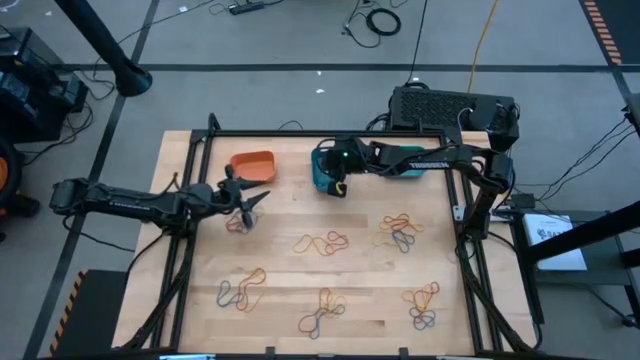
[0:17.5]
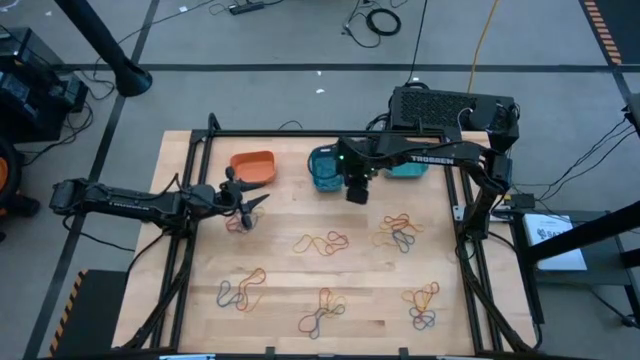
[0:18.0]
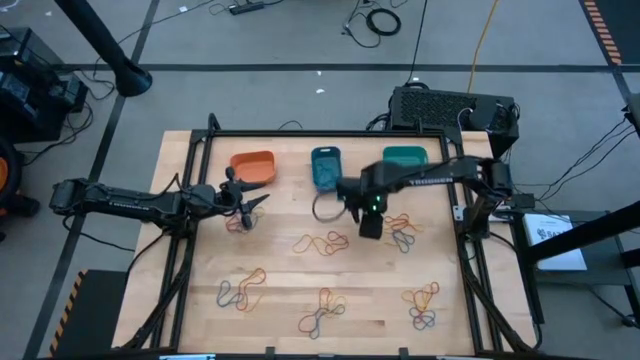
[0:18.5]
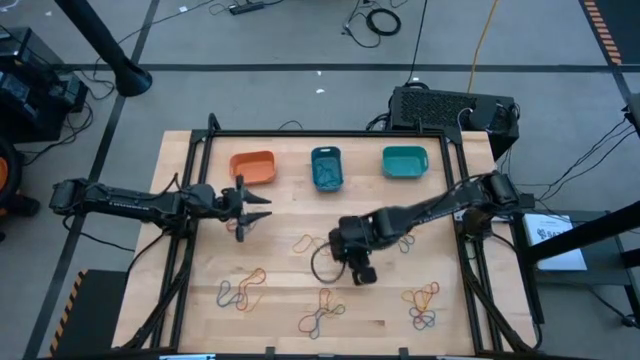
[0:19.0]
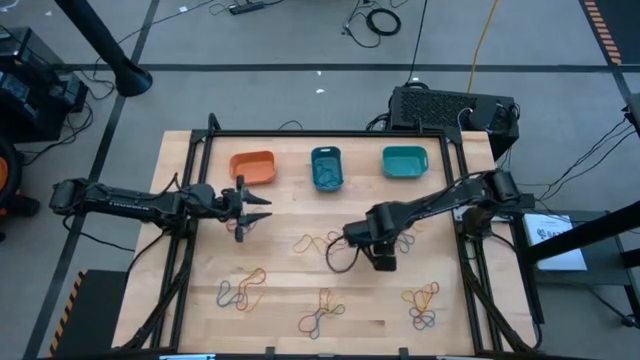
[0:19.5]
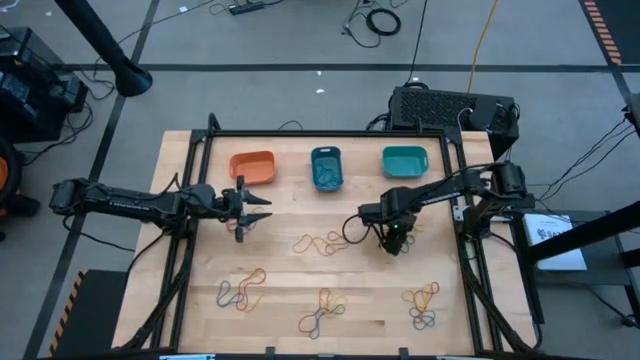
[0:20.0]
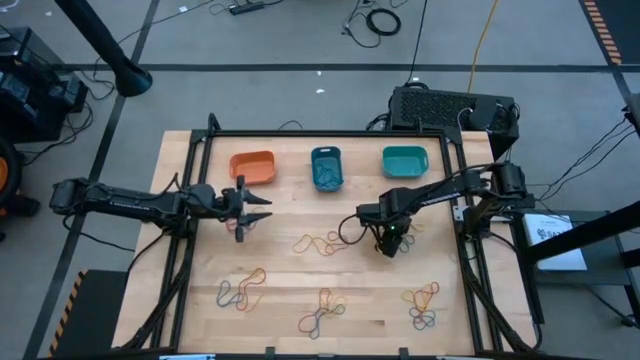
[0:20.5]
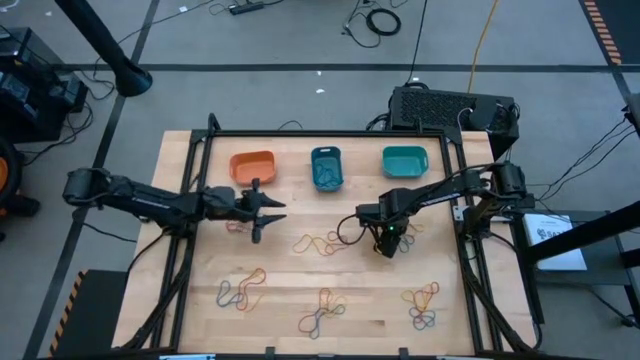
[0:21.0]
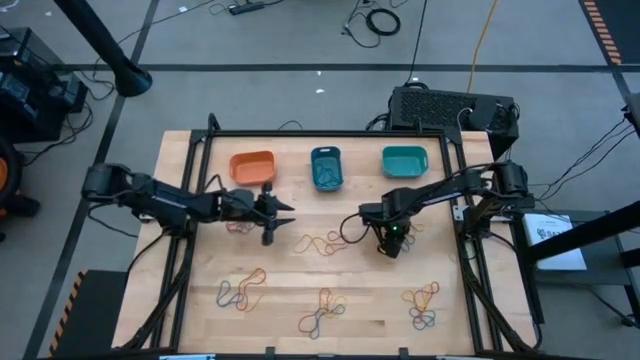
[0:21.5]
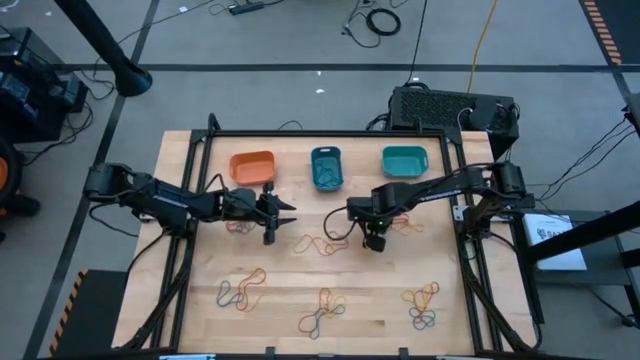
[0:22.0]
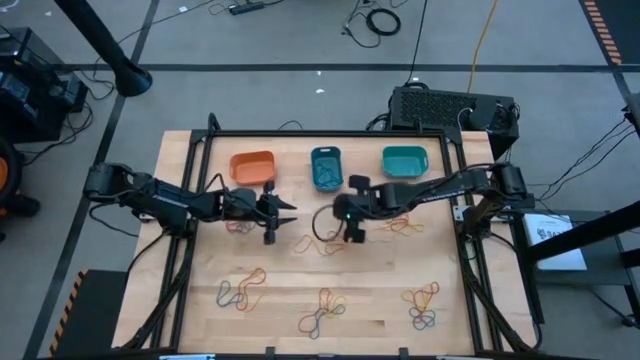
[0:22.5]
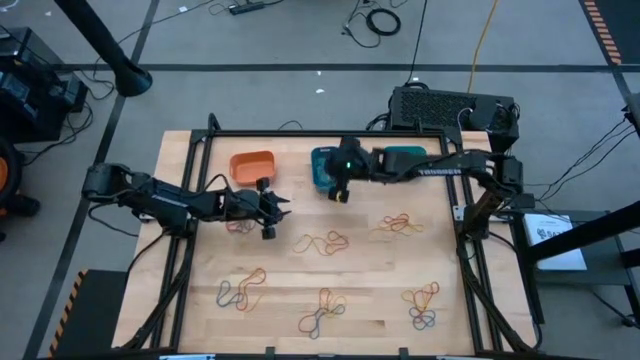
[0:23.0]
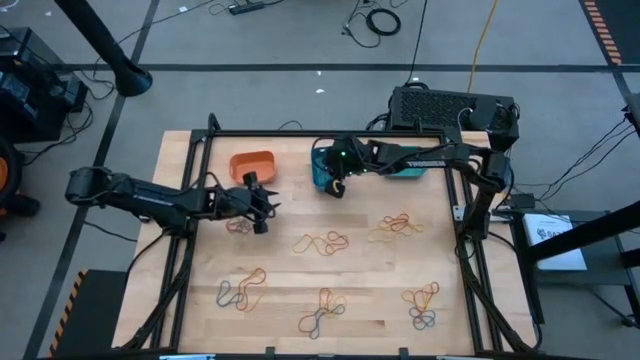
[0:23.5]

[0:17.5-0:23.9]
..........
Print the data exactly as written, dropping any images it holds.

[0:17.5]
[0:18.0]
[0:18.5]
[0:19.0]
[0:19.5]
[0:20.0]
[0:20.5]
[0:21.0]
[0:21.5]
[0:22.0]
[0:22.5]
[0:23.0]
[0:23.5]

[0:17.5-0:23.9]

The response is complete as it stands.